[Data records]
• • •

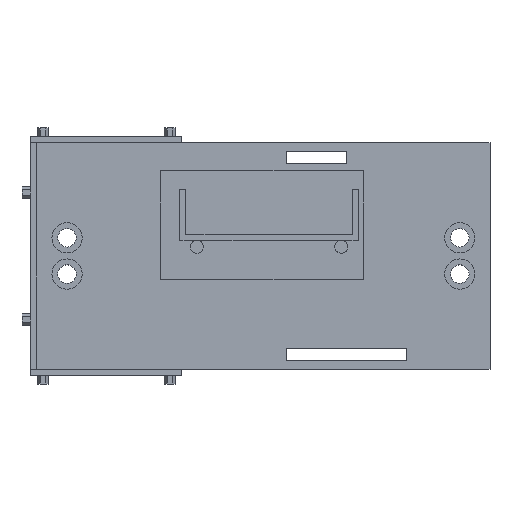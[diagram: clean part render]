
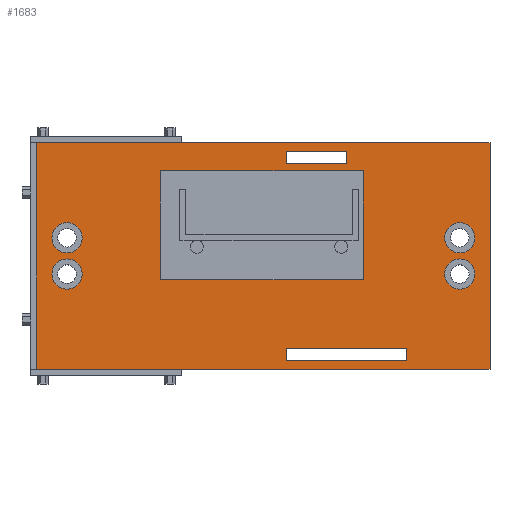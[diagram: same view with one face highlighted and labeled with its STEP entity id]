
A CAD part, top view. The second image highlights one B-rep face of the part: STEP entity #1683.
In plain terms, the highlighted planar face has unit normal (0, 0, 1).
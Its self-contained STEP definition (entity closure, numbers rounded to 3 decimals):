
#378 = VERTEX_POINT('',#379);
#379 = CARTESIAN_POINT('',(48.,75.,2.));
#409 = VERTEX_POINT('',#410);
#410 = CARTESIAN_POINT('',(150.,75.,2.));
#416 = EDGE_CURVE('',#409,#378,#417,.T.);
#417 = LINE('',#418,#419);
#418 = CARTESIAN_POINT('',(150.,75.,2.));
#419 = VECTOR('',#420,1.);
#420 = DIRECTION('',(-1.,0.,0.));
#457 = VERTEX_POINT('',#458);
#458 = CARTESIAN_POINT('',(150.,0.,2.));
#464 = EDGE_CURVE('',#457,#409,#465,.T.);
#465 = LINE('',#466,#467);
#466 = CARTESIAN_POINT('',(150.,0.,2.));
#467 = VECTOR('',#468,1.);
#468 = DIRECTION('',(0.,1.,0.));
#515 = VERTEX_POINT('',#516);
#516 = CARTESIAN_POINT('',(48.,0.,2.));
#522 = EDGE_CURVE('',#515,#457,#523,.T.);
#523 = LINE('',#524,#525);
#524 = CARTESIAN_POINT('',(0.,0.,2.));
#525 = VECTOR('',#526,1.);
#526 = DIRECTION('',(1.,0.,0.));
#858 = VERTEX_POINT('',#859);
#859 = CARTESIAN_POINT('',(82.5,3.,2.));
#865 = EDGE_CURVE('',#866,#858,#868,.T.);
#866 = VERTEX_POINT('',#867);
#867 = CARTESIAN_POINT('',(122.5,3.,2.));
#868 = LINE('',#869,#870);
#869 = CARTESIAN_POINT('',(78.75,3.,2.));
#870 = VECTOR('',#871,1.);
#871 = DIRECTION('',(-1.,0.,0.));
#889 = VERTEX_POINT('',#890);
#890 = CARTESIAN_POINT('',(82.5,7.,2.));
#896 = EDGE_CURVE('',#858,#889,#897,.T.);
#897 = LINE('',#898,#899);
#898 = CARTESIAN_POINT('',(82.5,22.25,2.));
#899 = VECTOR('',#900,1.);
#900 = DIRECTION('',(0.,1.,0.));
#913 = EDGE_CURVE('',#914,#866,#916,.T.);
#914 = VERTEX_POINT('',#915);
#915 = CARTESIAN_POINT('',(122.5,7.,2.));
#916 = LINE('',#917,#918);
#917 = CARTESIAN_POINT('',(122.5,20.25,2.));
#918 = VECTOR('',#919,1.);
#919 = DIRECTION('',(0.,-1.,0.));
#937 = EDGE_CURVE('',#889,#914,#938,.T.);
#938 = LINE('',#939,#940);
#939 = CARTESIAN_POINT('',(98.75,7.,2.));
#940 = VECTOR('',#941,1.);
#941 = DIRECTION('',(1.,0.,0.));
#1159 = VERTEX_POINT('',#1160);
#1160 = CARTESIAN_POINT('',(82.5,68.,2.));
#1166 = EDGE_CURVE('',#1159,#1167,#1169,.T.);
#1167 = VERTEX_POINT('',#1168);
#1168 = CARTESIAN_POINT('',(102.5,68.,2.));
#1169 = LINE('',#1170,#1171);
#1170 = CARTESIAN_POINT('',(78.75,68.,2.));
#1171 = VECTOR('',#1172,1.);
#1172 = DIRECTION('',(1.,0.,0.));
#1190 = EDGE_CURVE('',#1167,#1191,#1193,.T.);
#1191 = VERTEX_POINT('',#1192);
#1192 = CARTESIAN_POINT('',(102.5,72.,2.));
#1193 = LINE('',#1194,#1195);
#1194 = CARTESIAN_POINT('',(102.5,52.75,2.));
#1195 = VECTOR('',#1196,1.);
#1196 = DIRECTION('',(0.,1.,0.));
#1214 = EDGE_CURVE('',#1191,#1215,#1217,.T.);
#1215 = VERTEX_POINT('',#1216);
#1216 = CARTESIAN_POINT('',(82.5,72.,2.));
#1217 = LINE('',#1218,#1219);
#1218 = CARTESIAN_POINT('',(88.75,72.,2.));
#1219 = VECTOR('',#1220,1.);
#1220 = DIRECTION('',(-1.,0.,0.));
#1238 = EDGE_CURVE('',#1215,#1159,#1239,.T.);
#1239 = LINE('',#1240,#1241);
#1240 = CARTESIAN_POINT('',(82.5,54.75,2.));
#1241 = VECTOR('',#1242,1.);
#1242 = DIRECTION('',(0.,-1.,0.));
#1666 = VERTEX_POINT('',#1667);
#1667 = CARTESIAN_POINT('',(0.,75.,2.));
#1673 = EDGE_CURVE('',#378,#1666,#1674,.T.);
#1674 = LINE('',#1675,#1676);
#1675 = CARTESIAN_POINT('',(150.,75.,2.));
#1676 = VECTOR('',#1677,1.);
#1677 = DIRECTION('',(-1.,0.,0.));
#1683 = ADVANCED_FACE('',(#1684,#1704,#1715,#1721,#1732,#1743,#1777,
    #1788),#1794,.T.);
#1684 = FACE_BOUND('',#1685,.T.);
#1685 = EDGE_LOOP('',(#1686,#1694,#1695,#1696,#1697,#1698));
#1686 = ORIENTED_EDGE('',*,*,#1687,.T.);
#1687 = EDGE_CURVE('',#1688,#515,#1690,.T.);
#1688 = VERTEX_POINT('',#1689);
#1689 = CARTESIAN_POINT('',(0.,0.,2.));
#1690 = LINE('',#1691,#1692);
#1691 = CARTESIAN_POINT('',(0.,0.,2.));
#1692 = VECTOR('',#1693,1.);
#1693 = DIRECTION('',(1.,0.,0.));
#1694 = ORIENTED_EDGE('',*,*,#522,.T.);
#1695 = ORIENTED_EDGE('',*,*,#464,.T.);
#1696 = ORIENTED_EDGE('',*,*,#416,.T.);
#1697 = ORIENTED_EDGE('',*,*,#1673,.T.);
#1698 = ORIENTED_EDGE('',*,*,#1699,.T.);
#1699 = EDGE_CURVE('',#1666,#1688,#1700,.T.);
#1700 = LINE('',#1701,#1702);
#1701 = CARTESIAN_POINT('',(0.,75.,2.));
#1702 = VECTOR('',#1703,1.);
#1703 = DIRECTION('',(0.,-1.,0.));
#1704 = FACE_BOUND('',#1705,.T.);
#1705 = EDGE_LOOP('',(#1706));
#1706 = ORIENTED_EDGE('',*,*,#1707,.F.);
#1707 = EDGE_CURVE('',#1708,#1708,#1710,.T.);
#1708 = VERTEX_POINT('',#1709);
#1709 = CARTESIAN_POINT('',(15.,31.5,2.));
#1710 = CIRCLE('',#1711,5.);
#1711 = AXIS2_PLACEMENT_3D('',#1712,#1713,#1714);
#1712 = CARTESIAN_POINT('',(10.,31.5,2.));
#1713 = DIRECTION('',(0.,0.,1.));
#1714 = DIRECTION('',(1.,0.,0.));
#1715 = FACE_BOUND('',#1716,.T.);
#1716 = EDGE_LOOP('',(#1717,#1718,#1719,#1720));
#1717 = ORIENTED_EDGE('',*,*,#913,.T.);
#1718 = ORIENTED_EDGE('',*,*,#865,.T.);
#1719 = ORIENTED_EDGE('',*,*,#896,.T.);
#1720 = ORIENTED_EDGE('',*,*,#937,.T.);
#1721 = FACE_BOUND('',#1722,.T.);
#1722 = EDGE_LOOP('',(#1723));
#1723 = ORIENTED_EDGE('',*,*,#1724,.F.);
#1724 = EDGE_CURVE('',#1725,#1725,#1727,.T.);
#1725 = VERTEX_POINT('',#1726);
#1726 = CARTESIAN_POINT('',(145.,31.5,2.));
#1727 = CIRCLE('',#1728,5.);
#1728 = AXIS2_PLACEMENT_3D('',#1729,#1730,#1731);
#1729 = CARTESIAN_POINT('',(140.,31.5,2.));
#1730 = DIRECTION('',(0.,0.,1.));
#1731 = DIRECTION('',(1.,0.,0.));
#1732 = FACE_BOUND('',#1733,.T.);
#1733 = EDGE_LOOP('',(#1734));
#1734 = ORIENTED_EDGE('',*,*,#1735,.F.);
#1735 = EDGE_CURVE('',#1736,#1736,#1738,.T.);
#1736 = VERTEX_POINT('',#1737);
#1737 = CARTESIAN_POINT('',(15.,43.5,2.));
#1738 = CIRCLE('',#1739,5.);
#1739 = AXIS2_PLACEMENT_3D('',#1740,#1741,#1742);
#1740 = CARTESIAN_POINT('',(10.,43.5,2.));
#1741 = DIRECTION('',(0.,0.,1.));
#1742 = DIRECTION('',(1.,0.,0.));
#1743 = FACE_BOUND('',#1744,.T.);
#1744 = EDGE_LOOP('',(#1745,#1755,#1763,#1771));
#1745 = ORIENTED_EDGE('',*,*,#1746,.F.);
#1746 = EDGE_CURVE('',#1747,#1749,#1751,.T.);
#1747 = VERTEX_POINT('',#1748);
#1748 = CARTESIAN_POINT('',(108.107,65.705,2.));
#1749 = VERTEX_POINT('',#1750);
#1750 = CARTESIAN_POINT('',(40.927,65.705,2.));
#1751 = LINE('',#1752,#1753);
#1752 = CARTESIAN_POINT('',(57.964,65.705,2.));
#1753 = VECTOR('',#1754,1.);
#1754 = DIRECTION('',(-1.,0.,0.));
#1755 = ORIENTED_EDGE('',*,*,#1756,.F.);
#1756 = EDGE_CURVE('',#1757,#1747,#1759,.T.);
#1757 = VERTEX_POINT('',#1758);
#1758 = CARTESIAN_POINT('',(108.107,29.654,2.));
#1759 = LINE('',#1760,#1761);
#1760 = CARTESIAN_POINT('',(108.107,51.602,2.));
#1761 = VECTOR('',#1762,1.);
#1762 = DIRECTION('',(0.,1.,0.));
#1763 = ORIENTED_EDGE('',*,*,#1764,.F.);
#1764 = EDGE_CURVE('',#1765,#1757,#1767,.T.);
#1765 = VERTEX_POINT('',#1766);
#1766 = CARTESIAN_POINT('',(40.927,29.654,2.));
#1767 = LINE('',#1768,#1769);
#1768 = CARTESIAN_POINT('',(91.554,29.654,2.));
#1769 = VECTOR('',#1770,1.);
#1770 = DIRECTION('',(1.,0.,0.));
#1771 = ORIENTED_EDGE('',*,*,#1772,.F.);
#1772 = EDGE_CURVE('',#1749,#1765,#1773,.T.);
#1773 = LINE('',#1774,#1775);
#1774 = CARTESIAN_POINT('',(40.927,33.577,2.));
#1775 = VECTOR('',#1776,1.);
#1776 = DIRECTION('',(0.,-1.,0.));
#1777 = FACE_BOUND('',#1778,.T.);
#1778 = EDGE_LOOP('',(#1779));
#1779 = ORIENTED_EDGE('',*,*,#1780,.F.);
#1780 = EDGE_CURVE('',#1781,#1781,#1783,.T.);
#1781 = VERTEX_POINT('',#1782);
#1782 = CARTESIAN_POINT('',(145.,43.5,2.));
#1783 = CIRCLE('',#1784,5.);
#1784 = AXIS2_PLACEMENT_3D('',#1785,#1786,#1787);
#1785 = CARTESIAN_POINT('',(140.,43.5,2.));
#1786 = DIRECTION('',(0.,0.,1.));
#1787 = DIRECTION('',(1.,0.,0.));
#1788 = FACE_BOUND('',#1789,.T.);
#1789 = EDGE_LOOP('',(#1790,#1791,#1792,#1793));
#1790 = ORIENTED_EDGE('',*,*,#1166,.F.);
#1791 = ORIENTED_EDGE('',*,*,#1238,.F.);
#1792 = ORIENTED_EDGE('',*,*,#1214,.F.);
#1793 = ORIENTED_EDGE('',*,*,#1190,.F.);
#1794 = PLANE('',#1795);
#1795 = AXIS2_PLACEMENT_3D('',#1796,#1797,#1798);
#1796 = CARTESIAN_POINT('',(75.,37.5,2.));
#1797 = DIRECTION('',(0.,0.,1.));
#1798 = DIRECTION('',(1.,0.,0.));

• • •

YOUR GOAL: For this exercise, repeat exactly the lines of the data above from the one with "#1217 = LINE('',#1218,#1219);" down to the one with "#1700 = LINE('',#1701,#1702);", both end lines included.

OUTPUT OF THE EXERCISE:
#1217 = LINE('',#1218,#1219);
#1218 = CARTESIAN_POINT('',(88.75,72.,2.));
#1219 = VECTOR('',#1220,1.);
#1220 = DIRECTION('',(-1.,0.,0.));
#1238 = EDGE_CURVE('',#1215,#1159,#1239,.T.);
#1239 = LINE('',#1240,#1241);
#1240 = CARTESIAN_POINT('',(82.5,54.75,2.));
#1241 = VECTOR('',#1242,1.);
#1242 = DIRECTION('',(0.,-1.,0.));
#1666 = VERTEX_POINT('',#1667);
#1667 = CARTESIAN_POINT('',(0.,75.,2.));
#1673 = EDGE_CURVE('',#378,#1666,#1674,.T.);
#1674 = LINE('',#1675,#1676);
#1675 = CARTESIAN_POINT('',(150.,75.,2.));
#1676 = VECTOR('',#1677,1.);
#1677 = DIRECTION('',(-1.,0.,0.));
#1683 = ADVANCED_FACE('',(#1684,#1704,#1715,#1721,#1732,#1743,#1777,
    #1788),#1794,.T.);
#1684 = FACE_BOUND('',#1685,.T.);
#1685 = EDGE_LOOP('',(#1686,#1694,#1695,#1696,#1697,#1698));
#1686 = ORIENTED_EDGE('',*,*,#1687,.T.);
#1687 = EDGE_CURVE('',#1688,#515,#1690,.T.);
#1688 = VERTEX_POINT('',#1689);
#1689 = CARTESIAN_POINT('',(0.,0.,2.));
#1690 = LINE('',#1691,#1692);
#1691 = CARTESIAN_POINT('',(0.,0.,2.));
#1692 = VECTOR('',#1693,1.);
#1693 = DIRECTION('',(1.,0.,0.));
#1694 = ORIENTED_EDGE('',*,*,#522,.T.);
#1695 = ORIENTED_EDGE('',*,*,#464,.T.);
#1696 = ORIENTED_EDGE('',*,*,#416,.T.);
#1697 = ORIENTED_EDGE('',*,*,#1673,.T.);
#1698 = ORIENTED_EDGE('',*,*,#1699,.T.);
#1699 = EDGE_CURVE('',#1666,#1688,#1700,.T.);
#1700 = LINE('',#1701,#1702);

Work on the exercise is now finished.